You are given a sequence of $$$a=[a_1,a_2,\dots,a_n]$$$ and $$$m$$$ requests, each consisting of two numbers $$$k_j$$$ and $$$pos_j$$$ ($$$1 \le k \le n$$$, $$$1 \le pos_j \le k_j$$$). For each query, print the value that is in the index $$$pos_j$$$ of the optimal subsequence of the given sequence $$$a$$$ for $$$k=k_j$$$.

For example, if $$$n=4$$$, $$$a=[10,20,30,20]$$$, $$$k_j=2$$$, then the optimal subsequence is $$$[20,30]$$$ — it is the minimum lexicographically among all subsequences of length $$$2$$$ with the maximum total sum of items. Thus, the answer to the request $$$k_j=2$$$, $$$pos_j=1$$$ is the number $$$20$$$, and the answer to the request $$$k_j=2$$$, $$$pos_j=2$$$ is the number $$$30$$$.

Input

The first line contains an integer $$$n$$$ ($$$1 \le n \le 2\cdot10^5$$$) — the length of the sequence $$$a$$$.

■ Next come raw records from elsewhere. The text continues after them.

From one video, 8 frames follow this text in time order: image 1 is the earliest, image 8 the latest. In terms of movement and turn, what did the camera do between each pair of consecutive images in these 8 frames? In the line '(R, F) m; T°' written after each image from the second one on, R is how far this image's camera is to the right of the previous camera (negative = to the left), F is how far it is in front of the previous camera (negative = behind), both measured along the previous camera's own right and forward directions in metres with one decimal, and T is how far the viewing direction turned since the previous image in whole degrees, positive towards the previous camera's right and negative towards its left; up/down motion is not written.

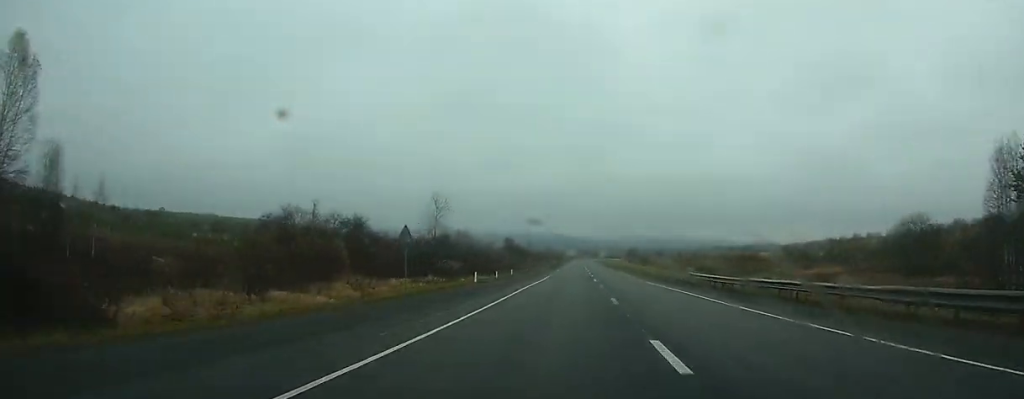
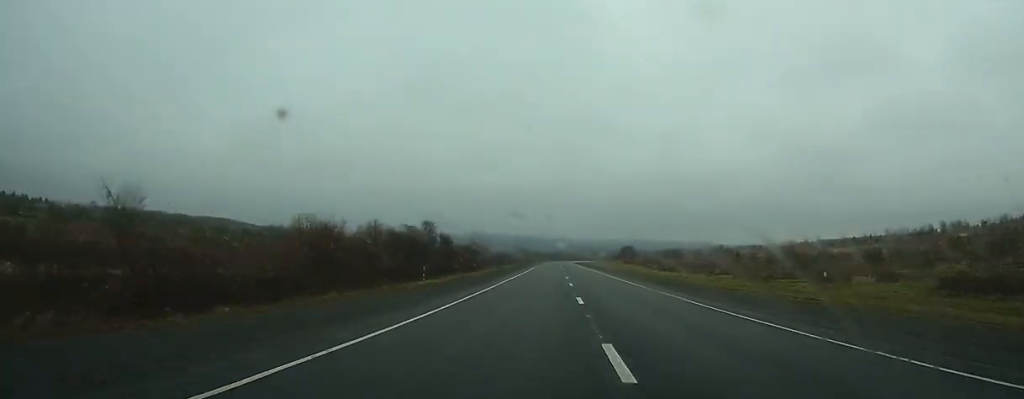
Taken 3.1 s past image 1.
(+1.1, +81.8) m; +1°
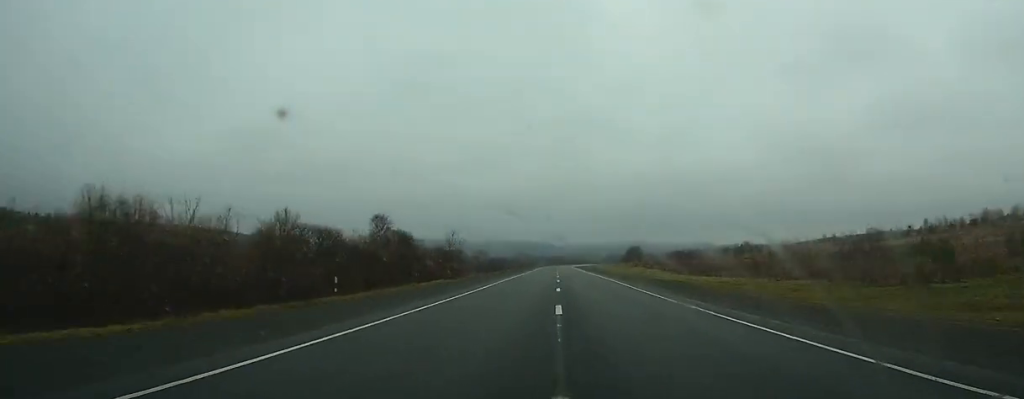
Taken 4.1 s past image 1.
(0.0, +28.6) m; 0°
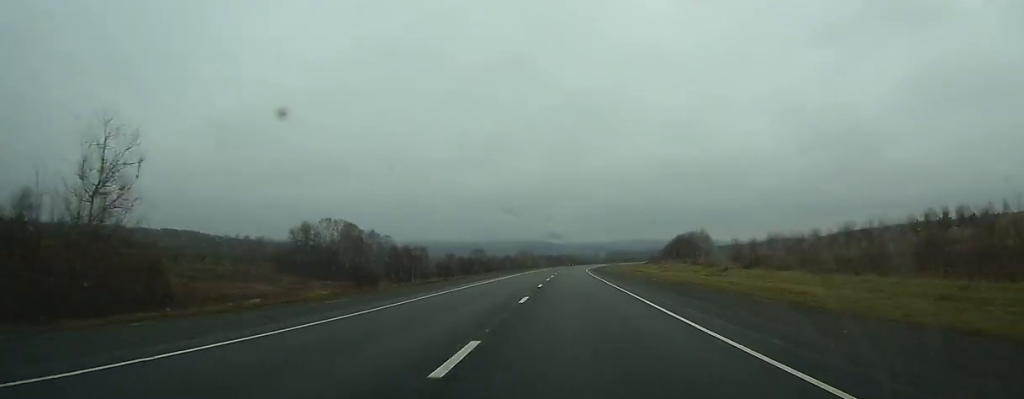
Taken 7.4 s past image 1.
(+0.1, +93.8) m; 0°
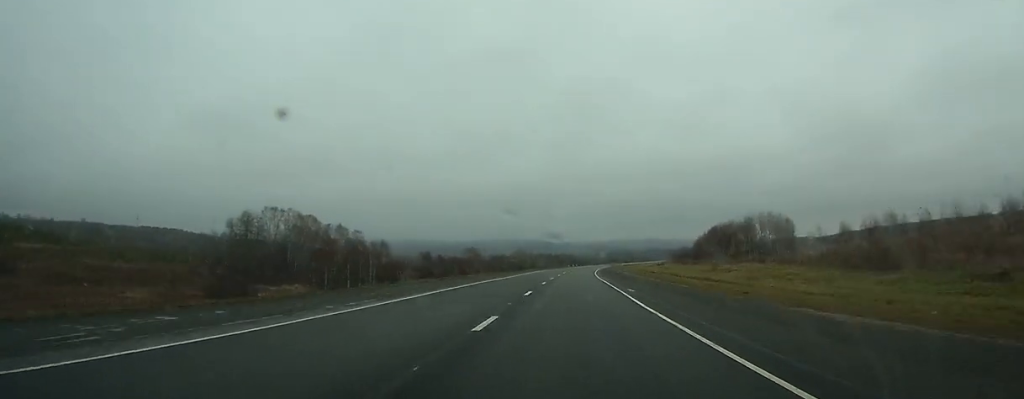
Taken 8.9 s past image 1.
(0.0, +42.5) m; 0°
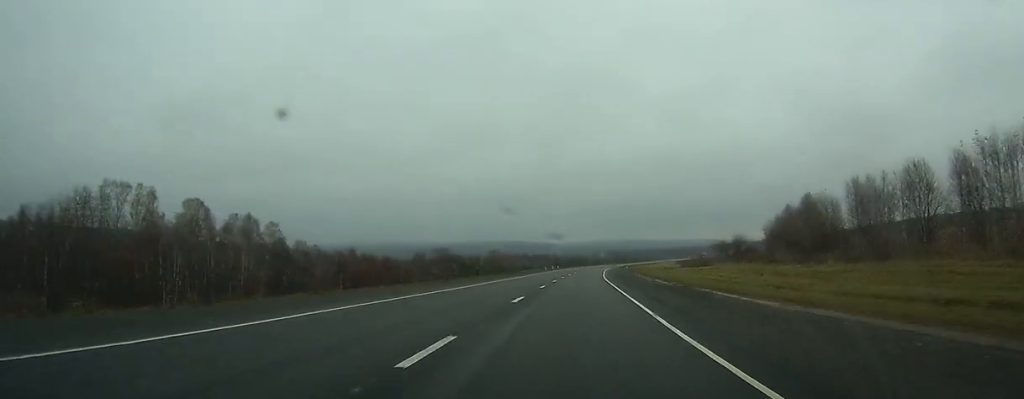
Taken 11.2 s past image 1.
(+0.3, +61.5) m; +1°
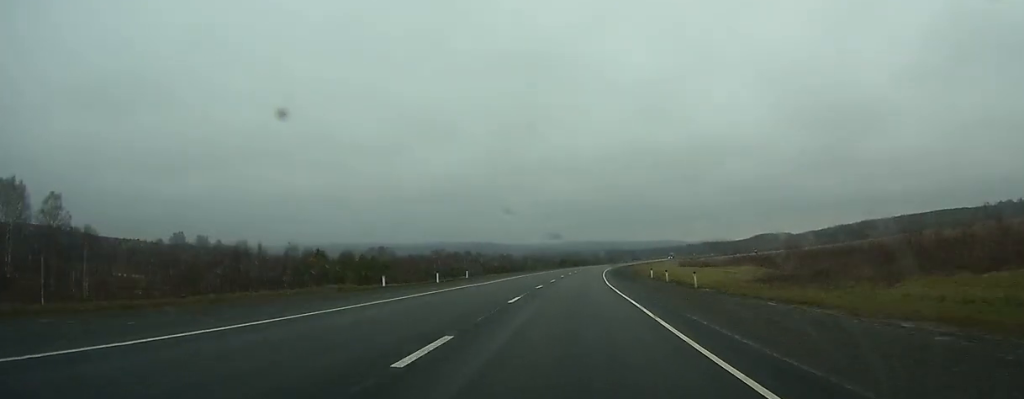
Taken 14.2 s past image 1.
(+1.2, +85.6) m; +3°
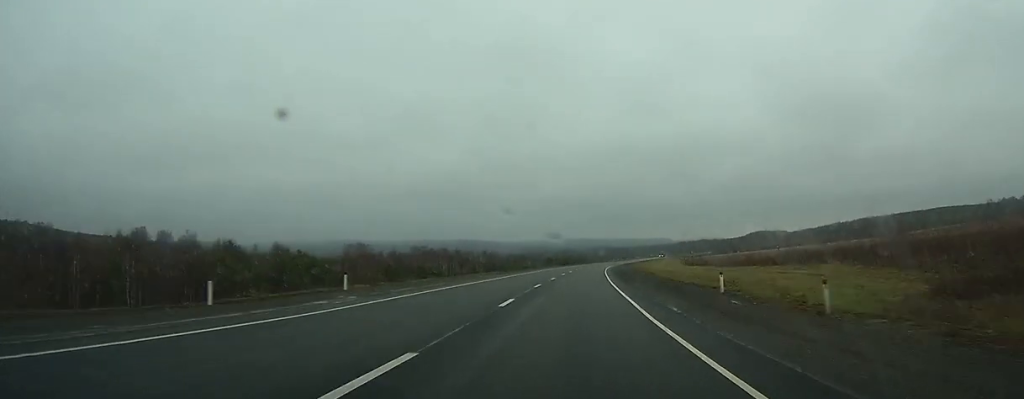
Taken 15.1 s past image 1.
(+0.7, +27.3) m; +1°

The second line contains elements of the sequence $$$a$$$: integer numbers $$$a_1, a_2, \dots, a_n$$$ ($$$1 \le a_i \le 10^9$$$).

The third line contains an integer $$$m$$$ ($$$1 \le m \le 2\cdot10^5$$$) — the number of requests.

The following $$$m$$$ lines contain pairs of integers $$$k_j$$$ and $$$pos_j$$$ ($$$1 \le k \le n$$$, $$$1 \le pos_j \le k_j$$$) — the requests.

Output

Print $$$m$$$ integers $$$r_1, r_2, \dots, r_m$$$ ($$$1 \le r_j \le 10^9$$$) one per line: answers to the requests in the order they appear in the input. The value of $$$r_j$$$ should be equal to the value contained in the position $$$pos_j$$$ of the optimal subsequence for $$$k=k_j$$$.

Examples
Input
3
10 20 10
6
1 1
2 1
2 2
3 1
3 2
3 3
Output
20
10
20
10
20
10
Input
7
1 2 1 3 1 2 1
9
2 1
2 2
3 1
3 2
3 3
1 1
7 1
7 7
7 4
Output
2
3
2
3
2
3
1
1
3
Note

In the first example, for $$$a=[10,20,10]$$$ the optimal subsequences are:

  • for $$$k=1$$$: $$$[20]$$$,
  • for $$$k=2$$$: $$$[10,20]$$$,
  • for $$$k=3$$$: $$$[10,20,10]$$$.